**Stored data:**
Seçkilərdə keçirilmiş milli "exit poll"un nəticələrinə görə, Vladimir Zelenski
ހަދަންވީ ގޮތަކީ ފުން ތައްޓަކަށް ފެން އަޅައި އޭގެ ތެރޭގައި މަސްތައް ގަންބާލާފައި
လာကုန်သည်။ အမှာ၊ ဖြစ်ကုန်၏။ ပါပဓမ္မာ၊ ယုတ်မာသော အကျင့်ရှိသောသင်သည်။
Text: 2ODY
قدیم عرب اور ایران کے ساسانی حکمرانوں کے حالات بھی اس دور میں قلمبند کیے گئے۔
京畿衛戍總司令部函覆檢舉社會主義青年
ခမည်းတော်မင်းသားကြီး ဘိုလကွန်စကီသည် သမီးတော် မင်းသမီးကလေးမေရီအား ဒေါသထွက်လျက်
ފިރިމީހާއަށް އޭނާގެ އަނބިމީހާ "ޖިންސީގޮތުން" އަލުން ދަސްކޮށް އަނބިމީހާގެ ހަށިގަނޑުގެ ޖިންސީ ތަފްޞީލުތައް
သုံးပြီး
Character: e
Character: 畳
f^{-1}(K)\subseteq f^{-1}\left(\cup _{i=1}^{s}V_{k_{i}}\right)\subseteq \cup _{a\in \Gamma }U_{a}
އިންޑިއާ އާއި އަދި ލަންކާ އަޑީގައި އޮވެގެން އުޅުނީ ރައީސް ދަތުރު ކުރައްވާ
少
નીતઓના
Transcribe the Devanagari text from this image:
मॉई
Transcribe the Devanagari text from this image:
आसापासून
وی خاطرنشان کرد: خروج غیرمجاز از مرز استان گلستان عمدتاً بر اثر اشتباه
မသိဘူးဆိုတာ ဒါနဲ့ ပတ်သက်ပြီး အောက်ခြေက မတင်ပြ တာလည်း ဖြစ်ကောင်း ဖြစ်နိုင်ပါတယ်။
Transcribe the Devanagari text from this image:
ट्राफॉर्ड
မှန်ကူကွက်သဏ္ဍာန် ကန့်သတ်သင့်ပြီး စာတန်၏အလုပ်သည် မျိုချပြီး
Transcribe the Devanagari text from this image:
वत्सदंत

**Work instructions:** In full and exactly as written, reproduce the records above.

**Answer to this exercise:**
Seçkilərdə keçirilmiş milli "exit poll"un nəticələrinə görə, Vladimir Zelenski
ހަދަންވީ ގޮތަކީ ފުން ތައްޓަކަށް ފެން އަޅައި އޭގެ ތެރޭގައި މަސްތައް ގަންބާލާފައި
လာကုန်သည်။ အမှာ၊ ဖြစ်ကုန်၏။ ပါပဓမ္မာ၊ ယုတ်မာသော အကျင့်ရှိသောသင်သည်။
Text: 2ODY
قدیم عرب اور ایران کے ساسانی حکمرانوں کے حالات بھی اس دور میں قلمبند کیے گئے۔
京畿衛戍總司令部函覆檢舉社會主義青年
ခမည်းတော်မင်းသားကြီး ဘိုလကွန်စကီသည် သမီးတော် မင်းသမီးကလေးမေရီအား ဒေါသထွက်လျက်
ފިރިމީހާއަށް އޭނާގެ އަނބިމީހާ "ޖިންސީގޮތުން" އަލުން ދަސްކޮށް އަނބިމީހާގެ ހަށިގަނޑުގެ ޖިންސީ ތަފްޞީލުތައް
သုံးပြီး
Character: e
Character: 畳
f^{-1}(K)\subseteq f^{-1}\left(\cup _{i=1}^{s}V_{k_{i}}\right)\subseteq \cup _{a\in \Gamma }U_{a}
އިންޑިއާ އާއި އަދި ލަންކާ އަޑީގައި އޮވެގެން އުޅުނީ ރައީސް ދަތުރު ކުރައްވާ
少
નીતઓના
Transcribe the Devanagari text from this image:
मॉई
Transcribe the Devanagari text from this image:
आसापासून
وی خاطرنشان کرد: خروج غیرمجاز از مرز استان گلستان عمدتاً بر اثر اشتباه
မသိဘူးဆိုတာ ဒါနဲ့ ပတ်သက်ပြီး အောက်ခြေက မတင်ပြ တာလည်း ဖြစ်ကောင်း ဖြစ်နိုင်ပါတယ်။
Transcribe the Devanagari text from this image:
ट्राफॉर्ड
မှန်ကူကွက်သဏ္ဍာန် ကန့်သတ်သင့်ပြီး စာတန်၏အလုပ်သည် မျိုချပြီး
Transcribe the Devanagari text from this image:
वत्सदंत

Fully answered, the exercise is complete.